Joe Grygiel, vice president of regional operations for the company that owns Abbott Ambulance which serves the St. Louis area, said 911 calls take priority.

“Our response time for hospital transfers are down,” Grygiel said. “We simply can’t transport as many patients a day as we typically could.”

First responders wear protective gears to prevent spread of coronavirus

An Abbott Ambulance EMS provider wears a protective mask, gown and eye protection as he pulls away from the scene of medical call in the 5200 block of South Grand Boulevard on Wednesday, March 18, 2020. Photo by David Carson, dcarson@post-dispatch.com

Many EMS staff are out sick or having to quarantine. An ambulance must be decontaminated after calls, which can take it out of service for up to an hour. The calls they respond to involve sicker patients who have put off seeking help.

Nick Harper, deputy chief of the Monarch Fire Protection District which covers a large section of west St. Louis County, said the district is on track this month to respond to more heart attacks than it has in an entire year.

Because of hospitals’ no-visitor policies, Grygiel and Harper say many patients refuse to be taken to the hospital because they don’t want to die alone.

Jamkhana said everyone is stretched thin.

Missouri Gov. Mike Parson announced on Dec. 2 that he was hiring a Texas-based private company to provide up to 760 health care workers across Missouri. Just 117, however, are scheduled to arrive over the next few weeks, with the first group starting Monday.

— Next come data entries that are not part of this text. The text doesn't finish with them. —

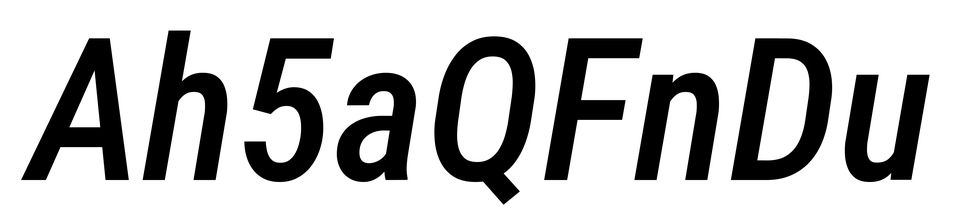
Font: Roboto-Italic_Condensed_Medium_Italic
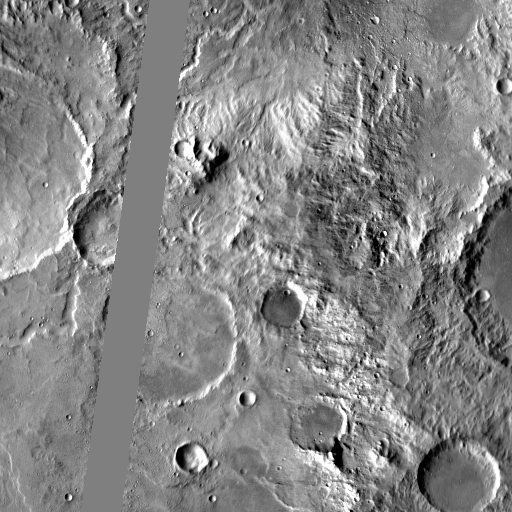
Crater classes present: Background, Other, Layered, Buried, Secondary
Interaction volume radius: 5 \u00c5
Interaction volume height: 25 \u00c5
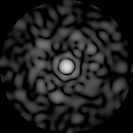
Disorder parameter: 0.8458
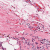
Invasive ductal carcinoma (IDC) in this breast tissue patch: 1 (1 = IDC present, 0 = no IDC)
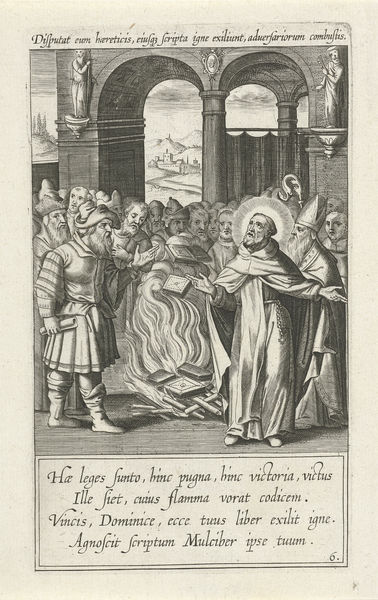
Titel: Mirakel van de heilige Dominicus bij de Abigenzen
Künstler: Theodoor Galle
Standort: Amsterdam
Institution: Rijksmuseum
Schlagwörter: männer, säulen, schrift, bischof, buch, druck, heiligenschein, tempel
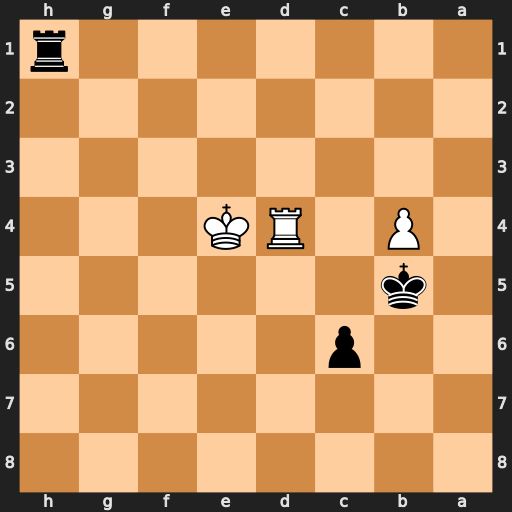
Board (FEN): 8/8/2p5/1k6/1P1RK3/8/8/7r
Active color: b
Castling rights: -
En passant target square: -
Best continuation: Rh4+ Kd3 Rxd4+ Kxd4 Kxb4
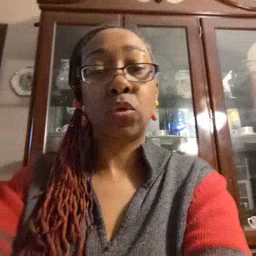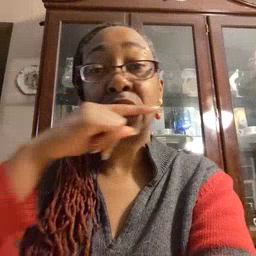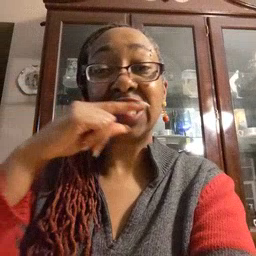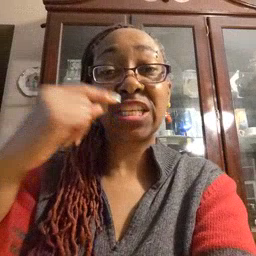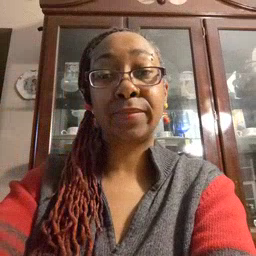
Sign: toothbrush
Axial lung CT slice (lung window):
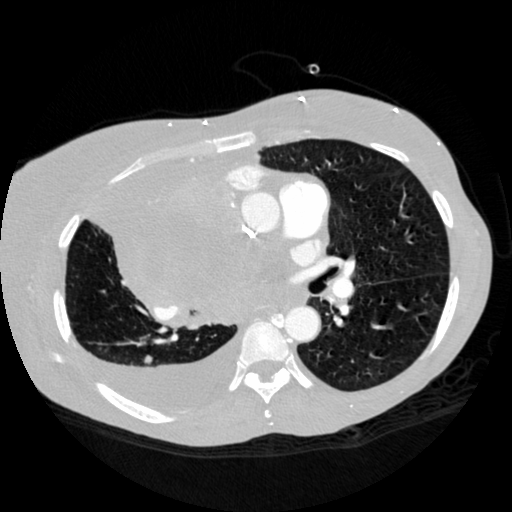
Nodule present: yes
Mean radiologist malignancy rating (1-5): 2.5
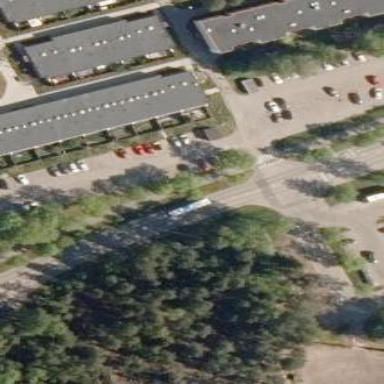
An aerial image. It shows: Parking area with surface.
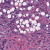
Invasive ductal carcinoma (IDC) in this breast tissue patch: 1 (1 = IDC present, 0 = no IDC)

“The fear for us is that we will reach a breaking point,” Jamkhana said. “At some point, it is a finite resource. We can’t just create nurses, physicians, respiratory therapists and EMS staff out of thin air.”

Total priority score

A breaking point will prompt crisis standards of care, which have been created and refined over several decades for mass casualty incidents like earthquakes or war. They guide clinicians on how to choose who gets limited critical resources by prioritizing who is likely to survive.

At the start of the pandemic, the Missouri Hospital Association pulled together resources and created such guidance for hospitals across the state should they become overwhelmed.

The guidelines suggest that each hospital have a triage team of acute care specialists in charge of making the decisions. Patients will be given a “total priority score” based on their health conditions. If there is a tie, the team can consider things such as age or whether the person is a health care worker, or even implement a lottery.

How the decisions are made must be “transparently communicated to the public to distill fears that patient lives are not appropriately valued by a particular facility,” the guidelines state.

A group called the St. Louis Medical Officers Center, made up of a dozen representatives from area hospital systems, will decide when crisis standards are implemented. They will begin working more closely together, sharing real-time information about available resources across their systems, said Harper, who is an EMS liaison to the group.

Harper is working with the center on how to get that information as quickly as possible to ambulance crews in the field should the crisis standards come into play, since it no longer means they simply head to the closest hospital. “You are going to see EMS running their tails off,” Harper said.

Earlier this month, Garza said there’s no question whether health care workers will take care of everybody no matter the situation.

“The question is,” he said, “how well will we take care of everybody and how much stress are we willing to put on the backs of our health care workers?”